I’ve been following the thread, as I usually do for threads about sexual dynamics. And what came to my mind is a big problem in the current day that has led to an increase in single motherhood: removal of male authority. That is, men no longer have authority over their daughters and homes. So that means that dealing with deceptive men cannot be done, but interestingly men are expected to clean up messes after they happened. Rather than male family members assessing men, to see if they are the deceptive men or the so-called “predatory men” (more on this later) who want little or nothing more than to screw our daughters and thereby make them single mothers, we have to deal with the misery that ensues after screwing them, literally and figuratively. So rather than ensure that a man is suitable to care for future grandchildren, the most serious task one can do, fathers must tolerate any sort of low-life interlopers because it is no longer acceptable to deal with them directly. Fathers have been absolved from their honor. Their homes and children are not truly theirs because of this and other reasons discussed in other threads. Children are taught that it’s alright to bring disgrace upon their families’ reputations and lineage. If this comes across as dramatic, so be it. It is merely an expression of how seriously I take the concept of family, likely partly because I had a negligent father of my own, as well as the life outcomes of fractured families and communities I’ve seen up close. And I understand my concept of family dynamics is opposed to others.
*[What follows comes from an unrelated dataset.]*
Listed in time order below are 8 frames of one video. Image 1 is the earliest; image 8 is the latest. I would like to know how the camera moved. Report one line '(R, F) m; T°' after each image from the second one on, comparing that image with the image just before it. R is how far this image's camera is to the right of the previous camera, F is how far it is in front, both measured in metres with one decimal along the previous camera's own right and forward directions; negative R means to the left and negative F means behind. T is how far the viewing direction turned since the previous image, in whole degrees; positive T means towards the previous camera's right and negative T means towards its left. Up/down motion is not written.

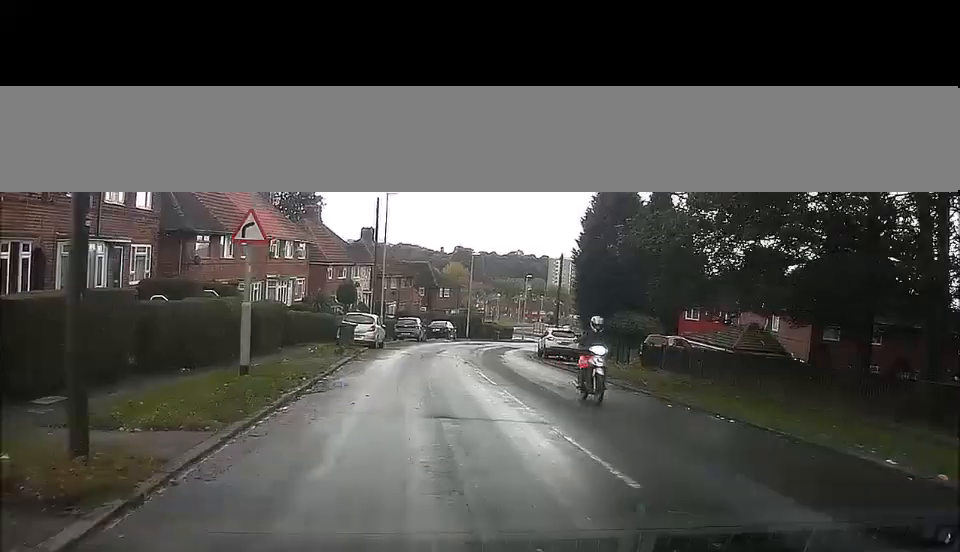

After all, according to current popular thought, even amongst most men these days, “you can’t make decisions for your daughter,” “Once she is eighteen and out of the house…,” and, “she will learn from her mistakes,” even mistakes that will involve the neglect of children! That’s interesting considering if my daughter, when she gets older, driven by hormones and whim, decides to get with one of these negligent scumbags we speak of, and is left a single mother, my wife, son, and I, being the responsible and loving and nurturing people we are, will be left with much of the burden of caring for ONE OF US, cleaning up the mess rather than preventing it in the first place, and not even being able to do it the way it’s supposed to be done because there will be no replacement for the father the poor tot needs! Men are expected to die and kill for their families, yet in the present time we have no authority over them or to prevent single motherhood. We have to put up with abuse and negligence of our family members. This is ludicrous! And it’s one of the reasons I will not wholeheartedly recommend marriage to a young man in the present day, not until the laws change, even though I think marriage is an institution necessary for civilization.
As I’ve mentioned elsewhere, a woman I shared an office with said that her father called an ex-boyfriend off hers and told him, “Stay away from my daughter or I’ll kill you.” He was never seen or heard from again. She didn’t seem distraught or as if she had lost out from this. Gee, I wonder why. Could it be while thinking rationally she realized that her father had a dim view of this man for good reason?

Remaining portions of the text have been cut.